I am using Linux. I have an external executable called "combine" and a loop of 20 iterations. Per each iteration, "combine" needs to be called with an argument that depends on the i-th iteration. Example:
arguments = " "
for i in range(1,20):
arguments += str(i) + "_image.jpg "
# begin of pseudo-code
execute: "./combine" + arguments # in parallel using all cores
# pseudo-code continues
wait_for_all_previous_process_to_terminate
execute: "./merge_resized_images" # use all cores - possible for one single command?
How do I achieve this using the multiprocessing module in Python?
You can use subprocess.Popen
to launch the external commands asynchronously, and store each Popen
object returned in a list.

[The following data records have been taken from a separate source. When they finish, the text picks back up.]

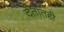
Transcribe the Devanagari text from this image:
देतातही
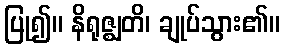
ပြု၍။ နိရုဇ္ဈတိ၊ ချုပ်သွား၏။
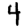
Digit: 4
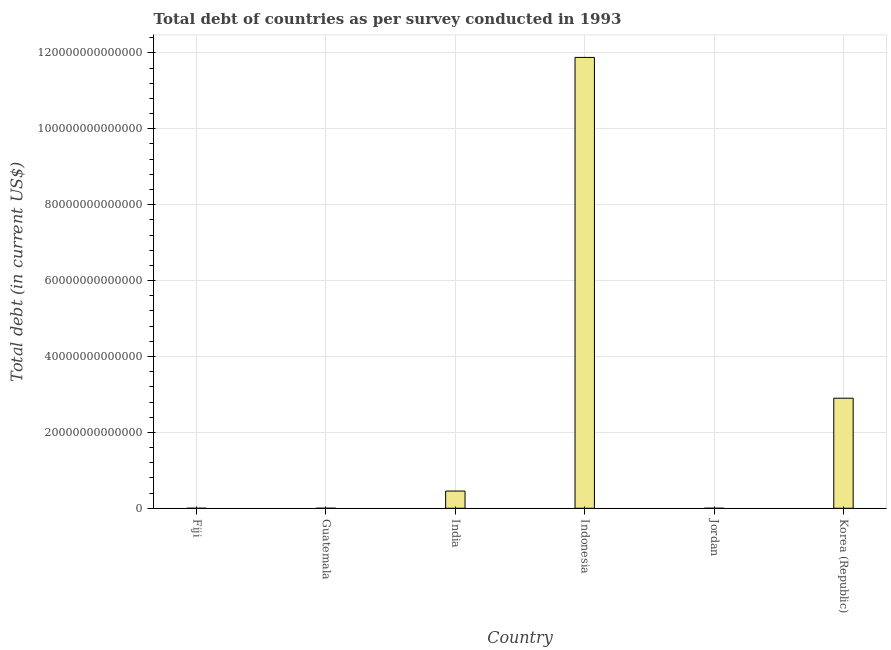
| Country | Central government debt |
 | --- | --- |
 | Fiji | 9.22e+08 |
 | Guatemala | 8.75e+09 |
 | India | 4.53e+12 |
 | Indonesia | 1.19e+14 |
 | Jordan | 4.88e+09 |
 | Korea (Republic) | 2.9e+13 |
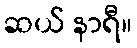
ဆယ် နာရီ။
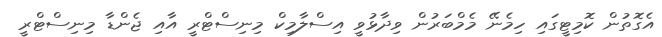
އެގޮތުން ކޮމިޓީގައި ހިމެނޭ މެމްބަރުން ވިދާޅުވީ އިސްލާމިކް މިނިސްޓްރީ އާއި ޖެންޑާ މިނިސްޓްރީ
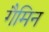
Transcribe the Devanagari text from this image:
गैमिन
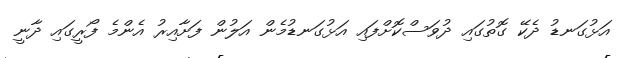
އަޅުގަނޑު ދެކޭ ގޮތުގައި ދުވަސްކޮށްފައި އަޅުގަނޑުމެން އަލުން ފަށާއިރު އެންމެ ފޯރީގައި ދާނީ
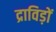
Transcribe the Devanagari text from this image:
द्राविड़ों
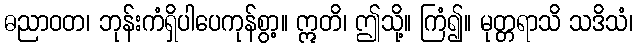
ဓညာဝတ၊ ဘုန်းကံရှိပါပေကုန်စွာ့။ ဣတိ၊ ဤသို့။ ကြံ၍။ မုတ္တရာသိ သဒိသံ၊
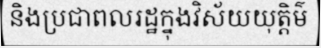
និងប្រជាពលរដ្ឋក្នុងវិស័យយុត្តិម៌
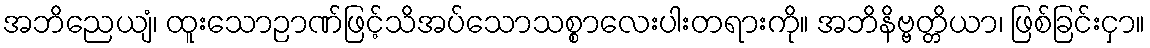
အဘိညေယျံ၊ ထူးသောဉာဏ်ဖြင့်သိအပ်သောသစ္စာလေးပါးတရားကို။ အဘိနိဗ္ဗတ္တိယာ၊ ဖြစ်ခြင်းငှာ။
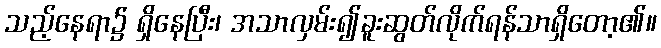
သည့်နေရာ၌ ရှိနေပြီး၊ အသာလှမ်း၍ခူးဆွတ်လိုက်ရန်သာရှိတော့၏။

Once you've launched all the processes, just iterate over them and wait for each to finish using popen_object.wait
.
from subprocess import Popen
processes = []
for i in range(1,20):
arguments += str(i) + "_image.jpg "
processes.append(subprocess.Popen(shlex.split("./combine" + arguments)))
for p in processes:
p.wait()
subprocess.call("./merge_resized_images")

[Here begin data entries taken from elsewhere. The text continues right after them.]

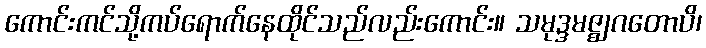
ကောင်းကင်သို့ကပ်ရောက်နေထိုင်သည်လည်းကောင်း။ သမုဒ္ဒမဇ္ဈဂတောပိ၊
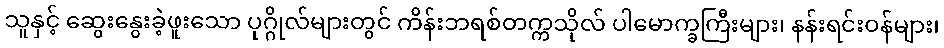
သူနှင့် ဆွေးနွေးခဲ့ဖူးသော ပုဂ္ဂိုလ်များတွင် ကိန်းဘရစ်တက္ကသိုလ် ပါမောက္ခကြီးများ၊ နန်းရင်းဝန်များ၊
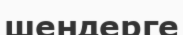
шендерге
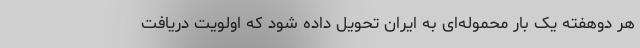
هر دوهفته یک بار محموله‌ای به ایران تحویل داده شود که اولویت دریافت
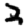
Digit: 2
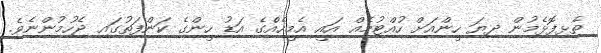
ތެޅިފޮޅެމުން ދިޔަ ހީންއަށް ހުއްްޓުމެއް އައީ އެމީހެއެްގެ އަޑު ހީންގެ ކަންފަތުގައި ޖެހުމުންނެވެ.
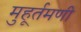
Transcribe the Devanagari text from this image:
मुहूर्तमणी
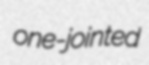
one-jointed
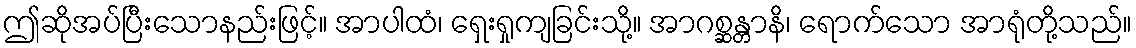
ဤဆိုအပ်ပြီးသောနည်းဖြင့်။ အာပါထံ၊ ရှေးရှုကျခြင်းသို့။ အာဂစ္ဆန္တာနိ၊ ရောက်သော အာရုံတို့သည်။
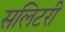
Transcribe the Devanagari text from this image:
सलिटरी
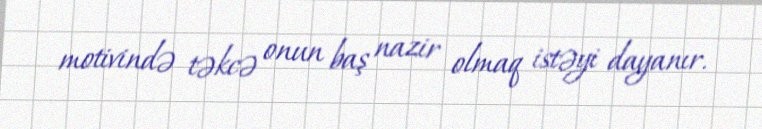
motivində təkcə onun baş nazir olmaq istəyi dayanır.
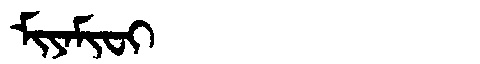
Manchu: ᠮᡳᠶᠠᠮᡳᠸᡳ
Romanization: MIYAMIFI
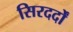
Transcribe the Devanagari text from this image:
सिरदर्दों
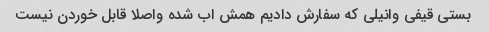
بستی قیفی وانیلی که سفارش دادیم همش اب شده واصلا قابل خوردن نیست
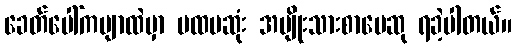
ခေတ်ပေါ်ကဗျာထဲမှာ ပထမဆုံး အမျိုးသားစာပေဆု ရခဲ့ပါတယ်။
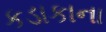
કડાકાના
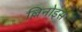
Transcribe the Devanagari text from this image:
ल्लिनोइस
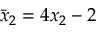
\bar { x } _ { 2 } = 4 x _ { 2 } - 2
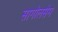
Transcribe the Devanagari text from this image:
सागोलसेम
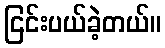
ငြင်းပယ်ခဲ့တယ်။
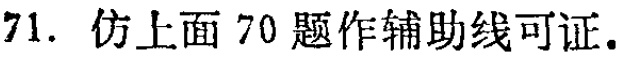
71. 仿上面 70 题作辅助线可证.
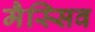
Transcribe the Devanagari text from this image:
मैस्सिव
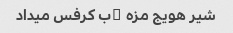
شیر هویج مزه ۀب کرفس میداد
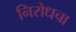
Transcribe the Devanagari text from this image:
निरोधचा
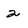
Character: 2
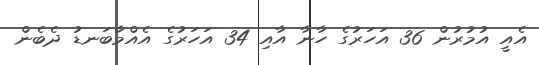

However, this will launch twenty concurrent processes, which is probably going to hurt performance.
To avoid that, you can use a ThreadPool
to limit yourself to some lower number of concurrent processes (multiprocessing.cpu_count
is a good number), and then use pool.join
to wait for them all to finish.
import multiprocessing
import subprocess
import shlex
from multiprocessing.pool import ThreadPool
def call_proc(cmd):
""" This runs in a separate thread. """
#subprocess.call(shlex.split(cmd)) # This will block until cmd finishes
p = subprocess.Popen(shlex.split(cmd), stdout=subprocess.PIPE, stderr=subprocess.PIPE)
out, err = p.communicate()
return (out, err)
pool = ThreadPool(multiprocessing.cpu_count())
results = []
for i in range(1,20):
arguments += str(i) + "_image.jpg "
results.append(pool.apply_async(call_proc, ("./combine" + arguments,)))
# Close the pool and wait for each running task to complete
pool.close()
pool.join()
for result in results:
out, err = result.get()
print("out: {} err: {}".format(out, err))
subprocess.call("./merge_resized_images")
Each thread will release the GIL while waiting for the subprocess to complete, so they'll all run in parallel.